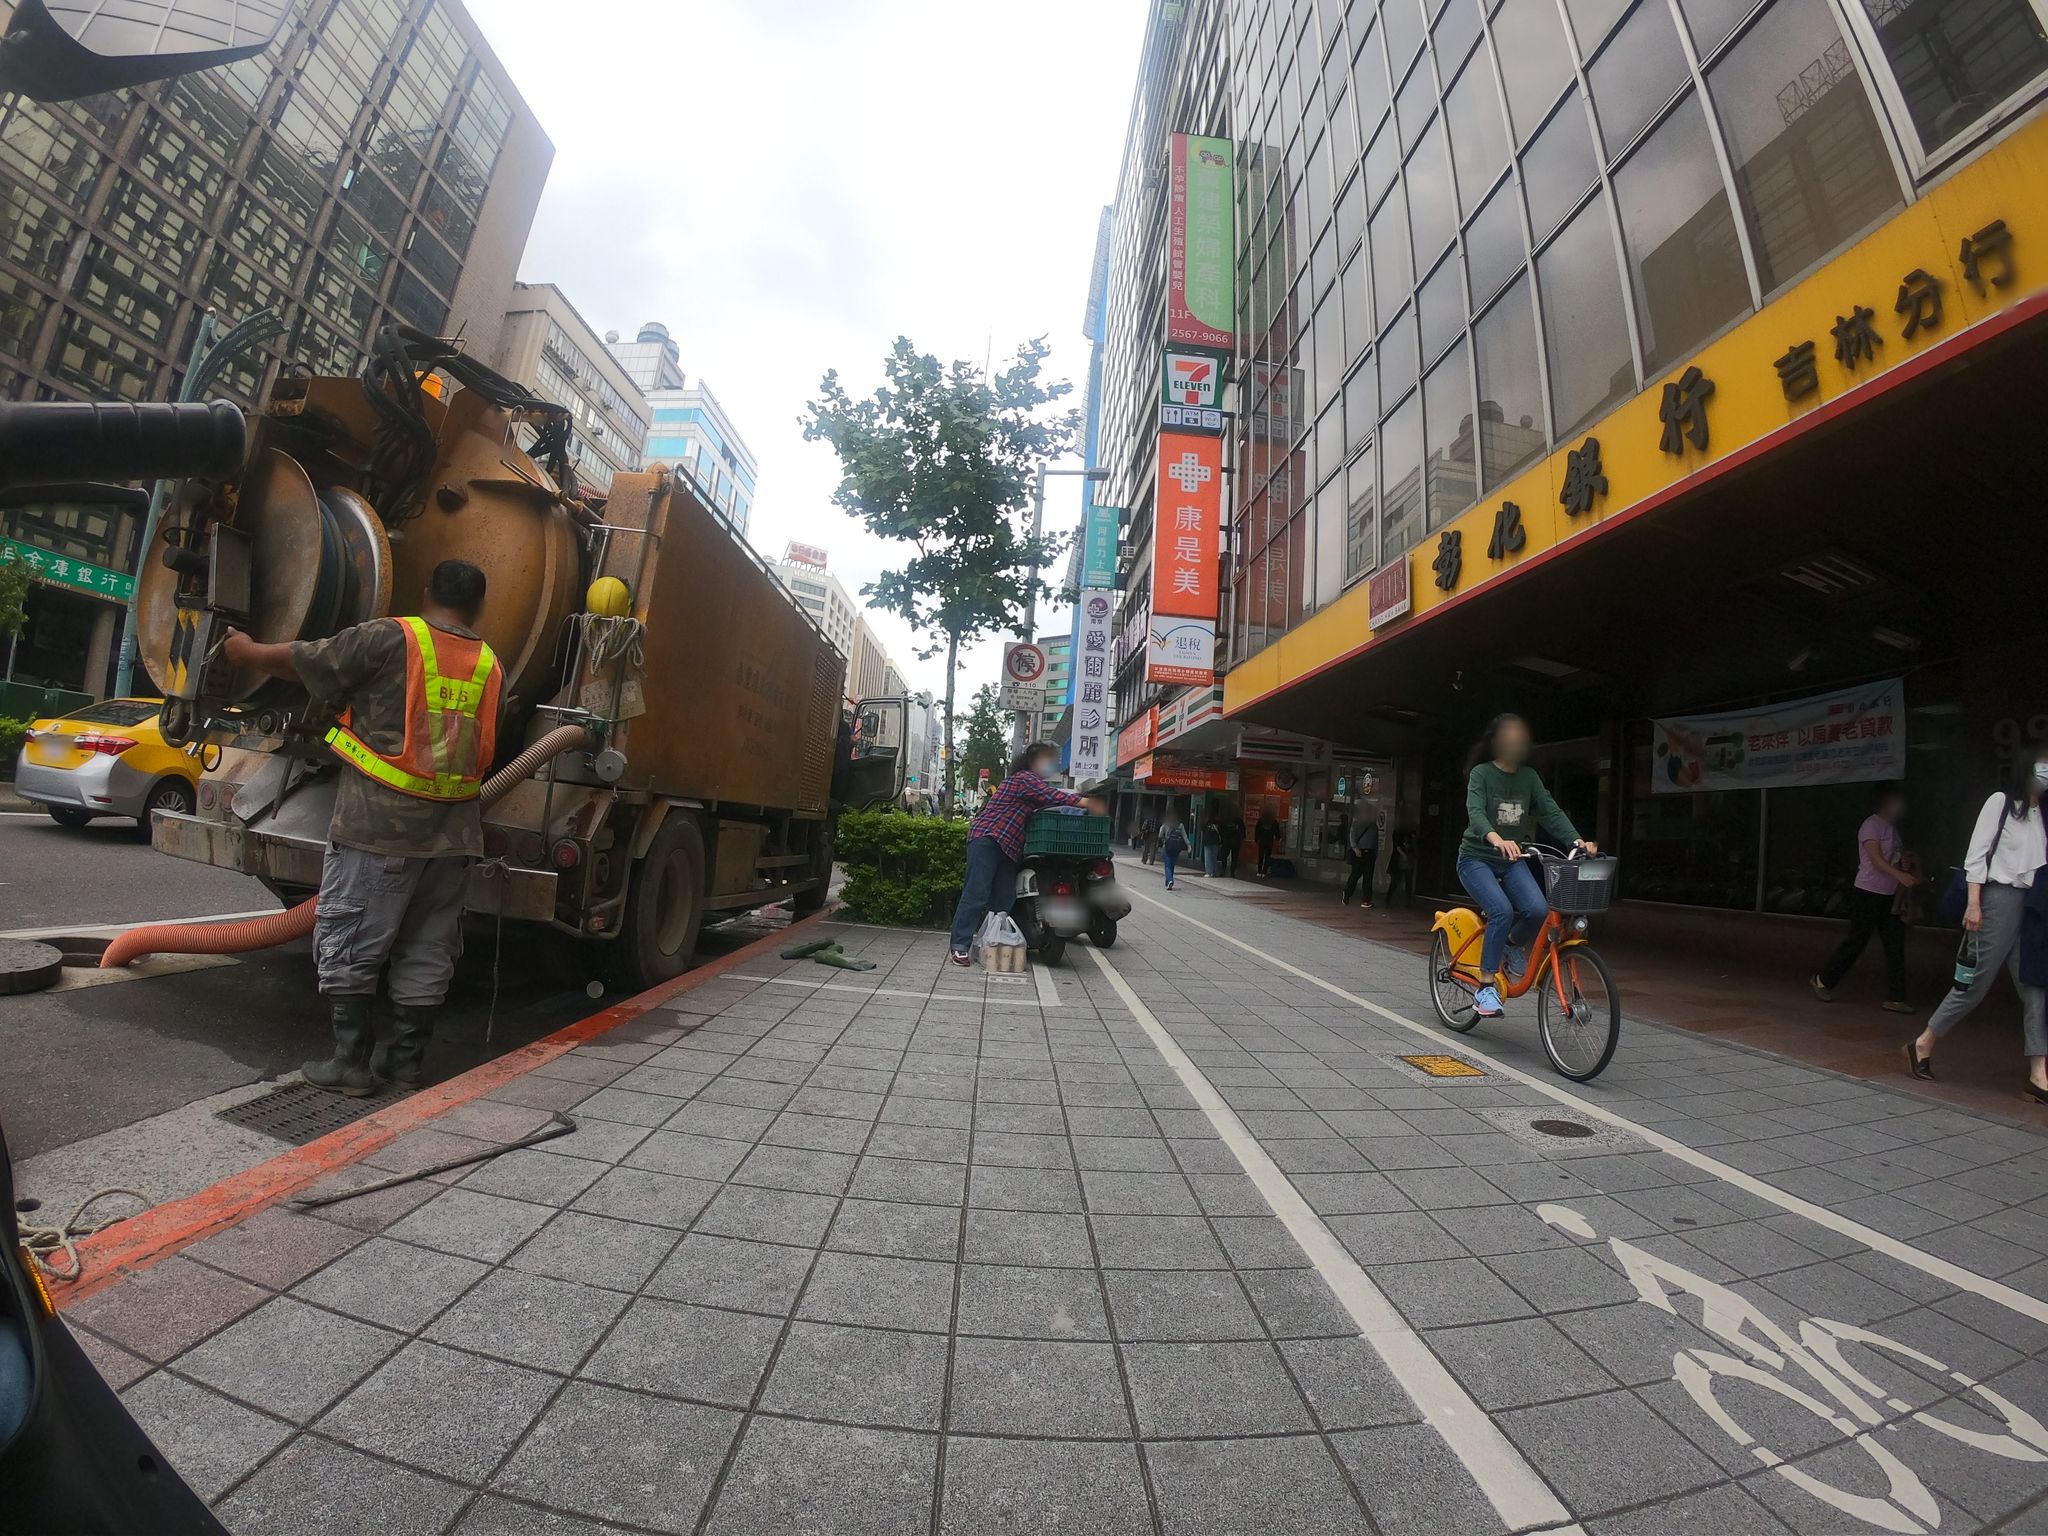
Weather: clear
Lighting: day
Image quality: good
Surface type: walking surface
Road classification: footway
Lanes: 3
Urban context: urban centre
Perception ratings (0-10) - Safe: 1.84, Lively: 9.28, Beautiful: 7.01, Boring: 5.63, Depressing: 2.75, Wealthy: 6.82
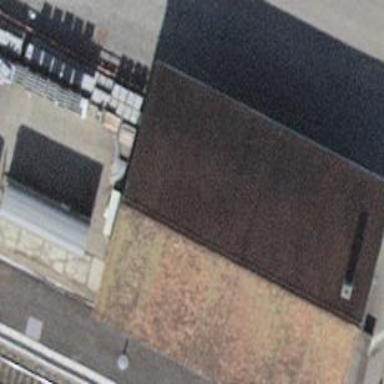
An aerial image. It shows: Warehouse building with gabled roof.
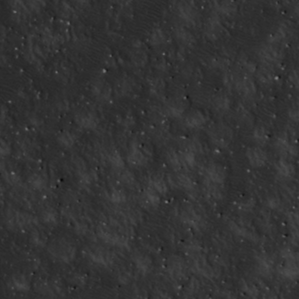
Label: non_frost
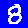
Digit: 8
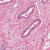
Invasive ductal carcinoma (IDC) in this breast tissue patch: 0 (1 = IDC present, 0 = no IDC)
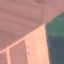
Land use / land cover: AnnualCrop
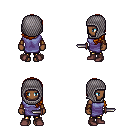
a pixel art fantasy rpg character, female body template, human, dark skin, chain tabard jacket, gold greaves, brunette left-swept hairstyle, chain hood, leather bracers, maroon shoes, dagger, four views (front, back, left, right), 2x2 character sprite sheet, small pixel art, hard edges, no anti-aliasing
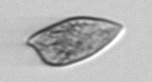
Label: Prorocentrum_dentatum
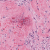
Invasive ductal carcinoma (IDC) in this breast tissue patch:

**WHAT TO WORK ON**
After locating the line with "Lighting: day" above, return that line and every later line through the one with "Perception ratings (0-10)", word for word and with nothing else.

**SOLVED PROBLEM**
Lighting: day
Image quality: good
Surface type: walking surface
Road classification: footway
Lanes: 3
Urban context: urban centre
Perception ratings (0-10) - Safe: 1.84, Lively: 9.28, Beautiful: 7.01, Boring: 5.63, Depressing: 2.75, Wealthy: 6.82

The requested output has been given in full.